====== Source data

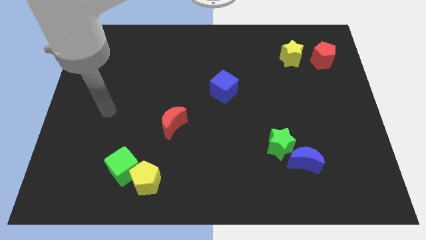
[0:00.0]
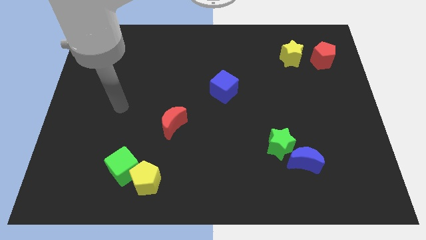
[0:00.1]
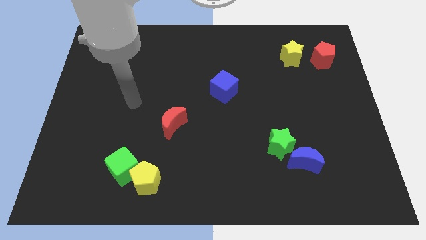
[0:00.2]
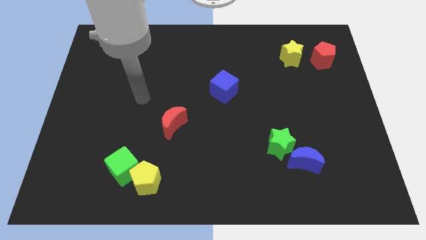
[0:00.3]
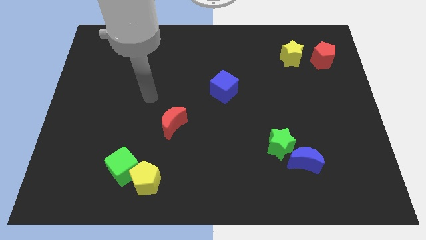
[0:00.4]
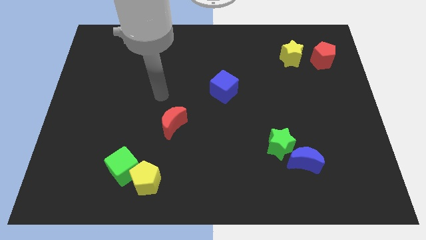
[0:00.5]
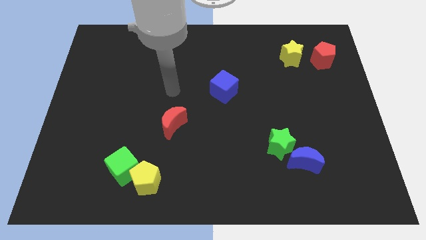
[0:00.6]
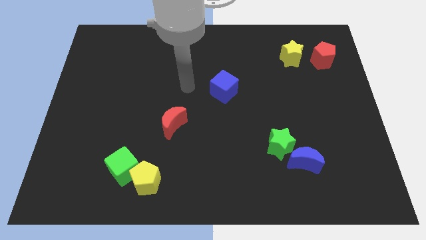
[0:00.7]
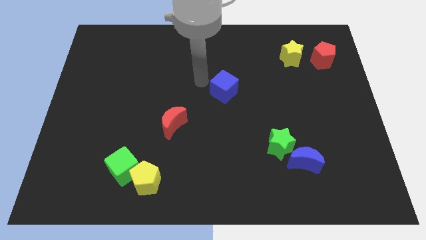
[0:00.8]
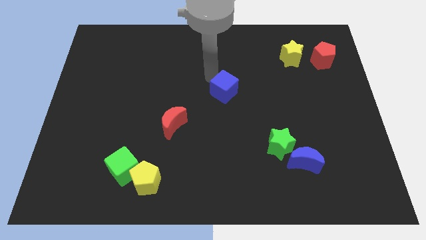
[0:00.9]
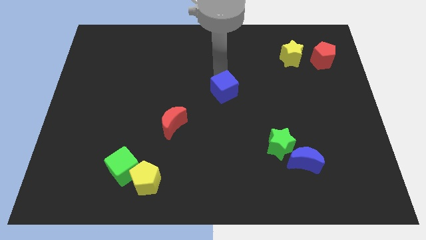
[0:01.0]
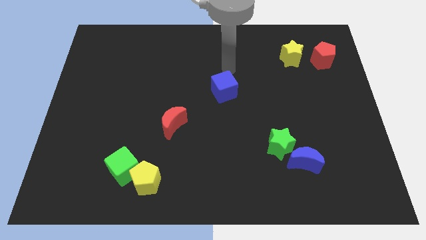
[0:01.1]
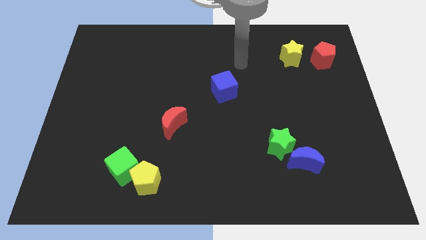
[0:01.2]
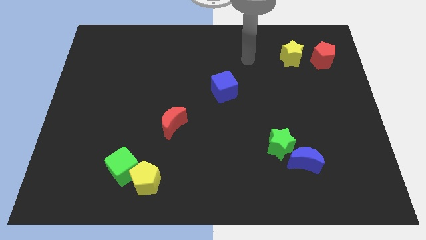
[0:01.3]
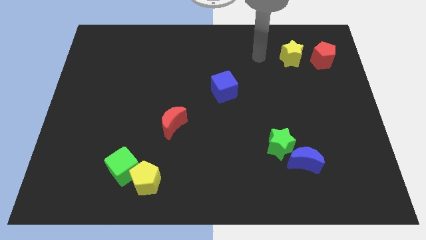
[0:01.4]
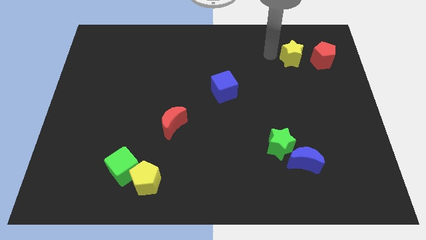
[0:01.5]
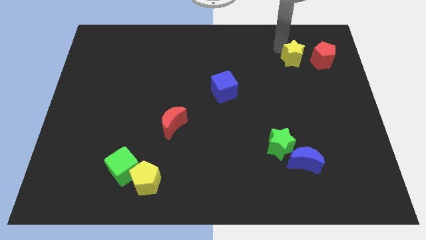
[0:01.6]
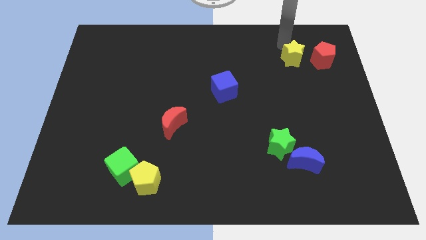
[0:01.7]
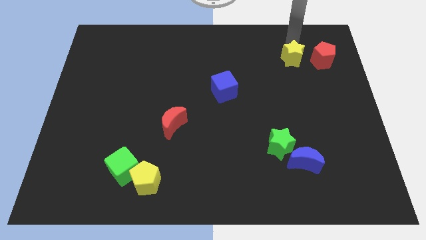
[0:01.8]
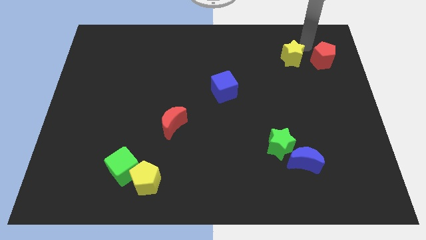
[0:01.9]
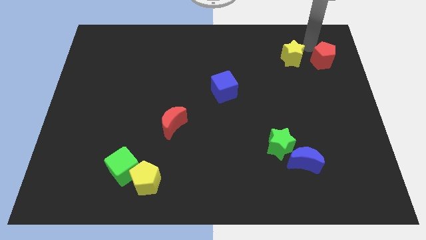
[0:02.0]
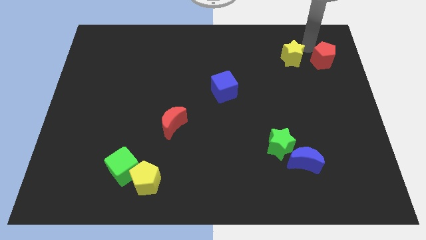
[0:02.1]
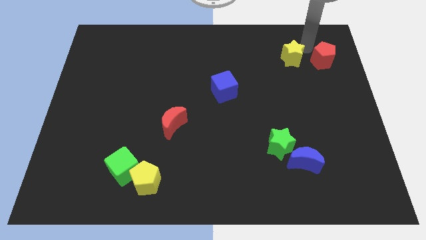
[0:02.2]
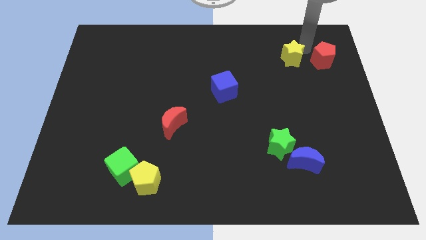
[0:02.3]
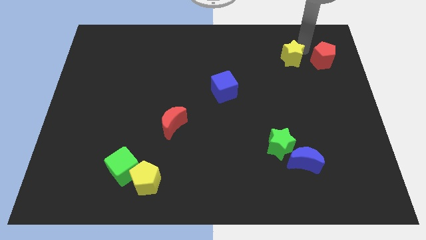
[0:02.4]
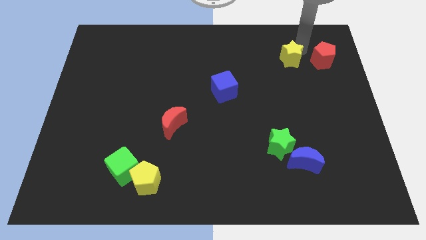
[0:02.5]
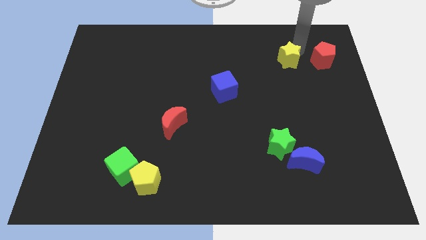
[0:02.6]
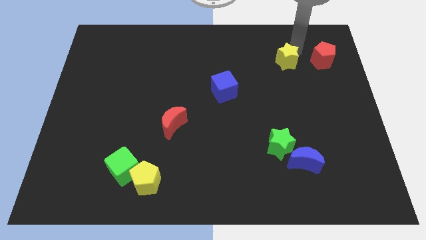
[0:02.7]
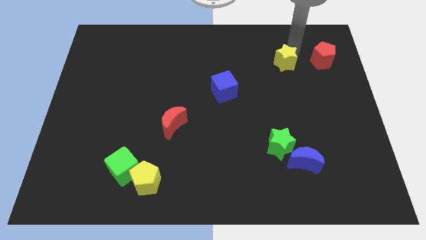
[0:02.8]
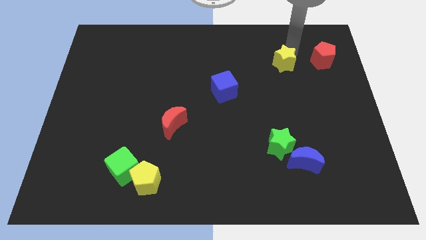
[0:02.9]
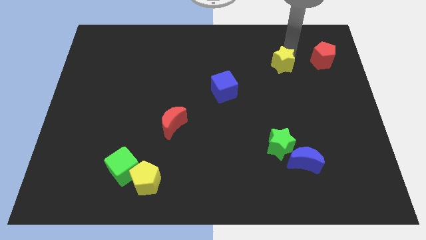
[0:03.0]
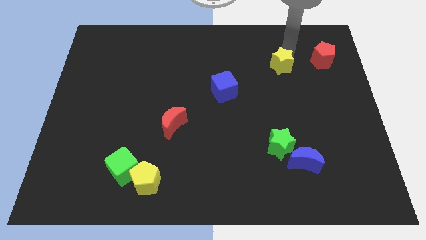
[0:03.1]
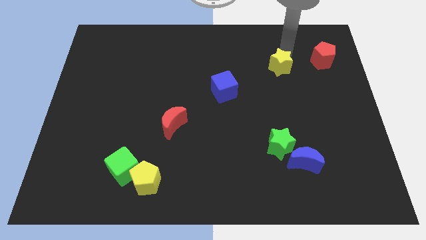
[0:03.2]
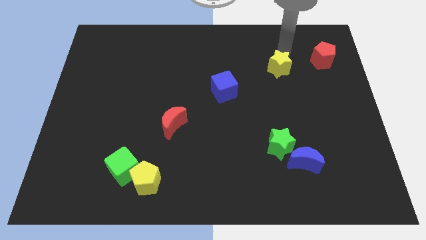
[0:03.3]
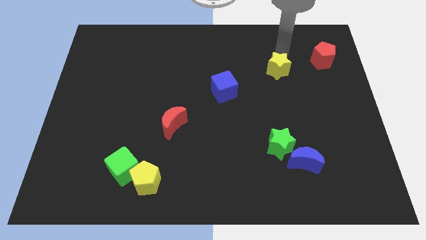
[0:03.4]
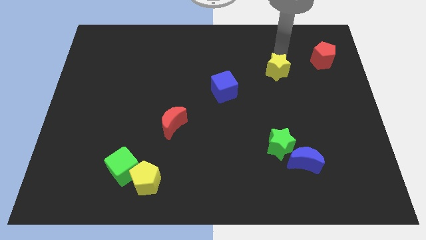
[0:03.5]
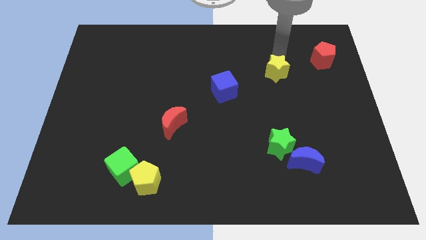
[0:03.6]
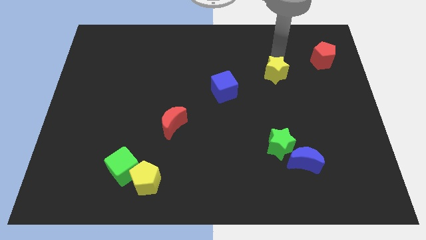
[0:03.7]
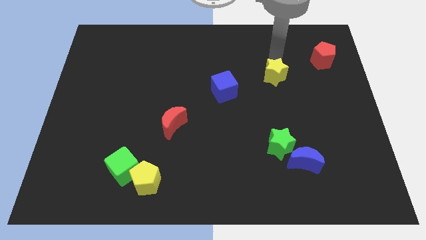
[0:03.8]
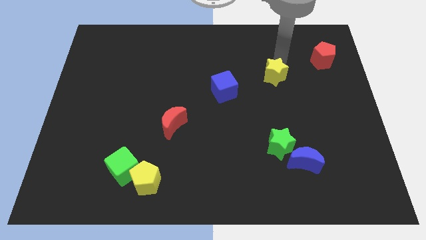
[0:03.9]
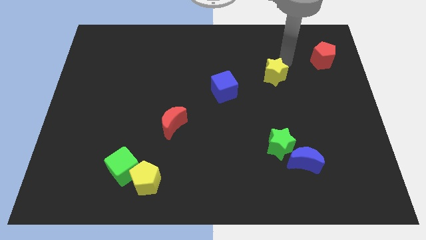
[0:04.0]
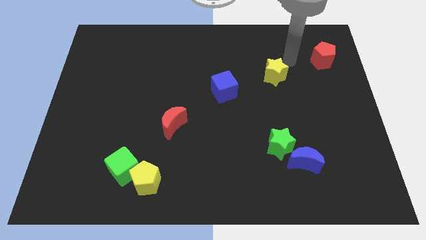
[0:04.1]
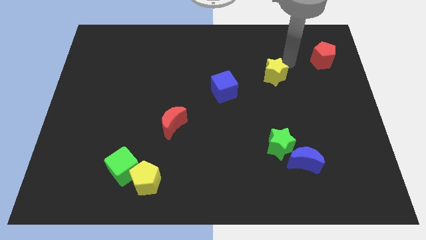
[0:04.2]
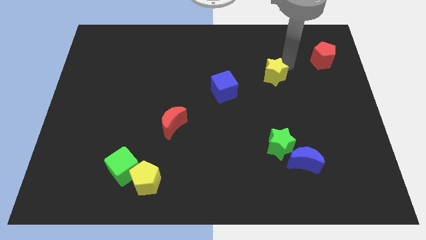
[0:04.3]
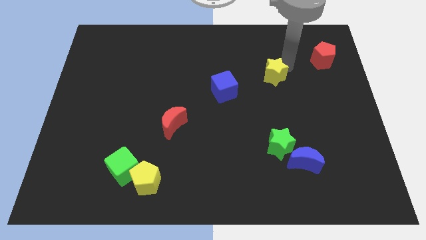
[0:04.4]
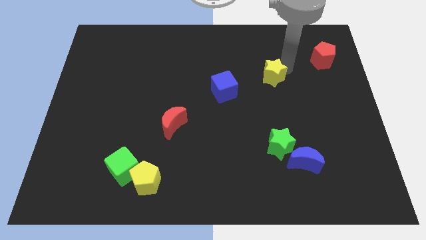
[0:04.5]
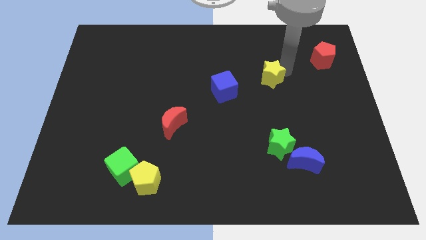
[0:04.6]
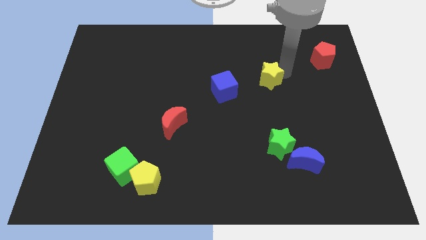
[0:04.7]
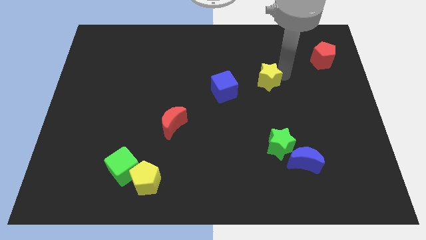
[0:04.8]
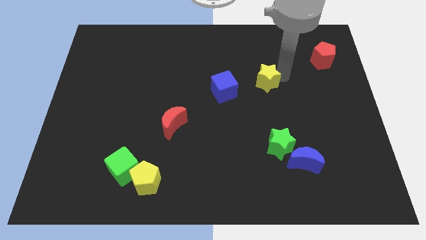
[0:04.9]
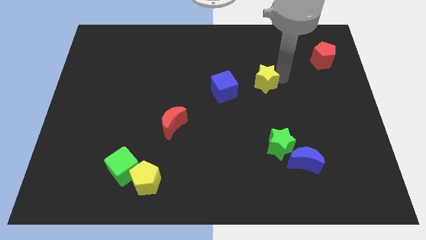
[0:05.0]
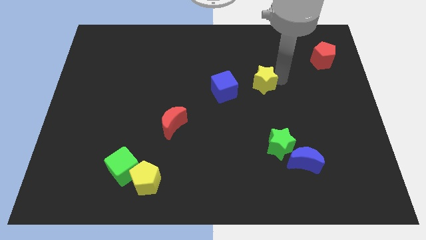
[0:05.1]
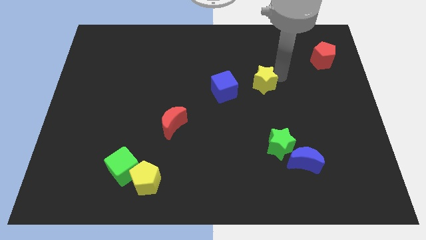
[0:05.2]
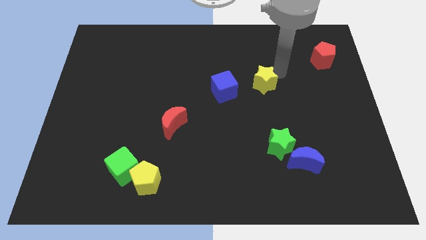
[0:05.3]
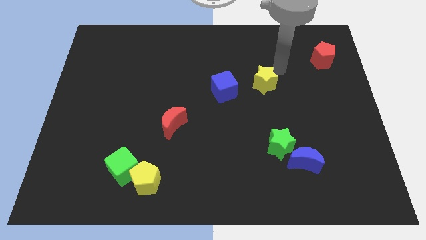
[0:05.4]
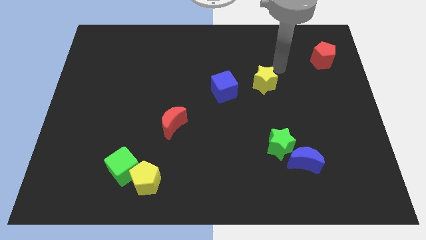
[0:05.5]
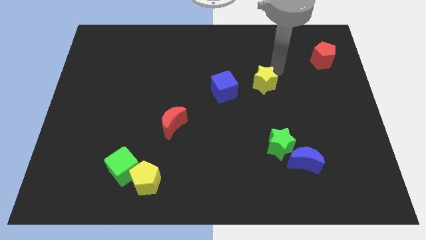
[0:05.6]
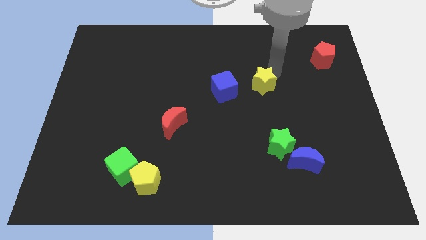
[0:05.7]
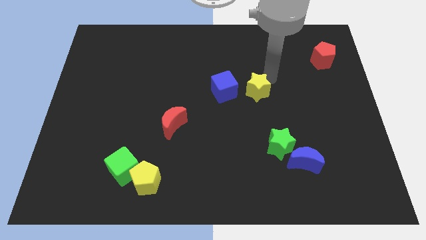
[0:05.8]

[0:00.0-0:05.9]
push the yellow star to the center

============

Your task is to repeat the listing exactly while omitting its pictures.

§ **Finished exercise**
[0:00.0]
[0:00.1]
[0:00.2]
[0:00.3]
[0:00.4]
[0:00.5]
[0:00.6]
[0:00.7]
[0:00.8]
[0:00.9]
[0:01.0]
[0:01.1]
[0:01.2]
[0:01.3]
[0:01.4]
[0:01.5]
[0:01.6]
[0:01.7]
[0:01.8]
[0:01.9]
[0:02.0]
[0:02.1]
[0:02.2]
[0:02.3]
[0:02.4]
[0:02.5]
[0:02.6]
[0:02.7]
[0:02.8]
[0:02.9]
[0:03.0]
[0:03.1]
[0:03.2]
[0:03.3]
[0:03.4]
[0:03.5]
[0:03.6]
[0:03.7]
[0:03.8]
[0:03.9]
[0:04.0]
[0:04.1]
[0:04.2]
[0:04.3]
[0:04.4]
[0:04.5]
[0:04.6]
[0:04.7]
[0:04.8]
[0:04.9]
[0:05.0]
[0:05.1]
[0:05.2]
[0:05.3]
[0:05.4]
[0:05.5]
[0:05.6]
[0:05.7]
[0:05.8]

[0:00.0-0:05.9]
push the yellow star to the center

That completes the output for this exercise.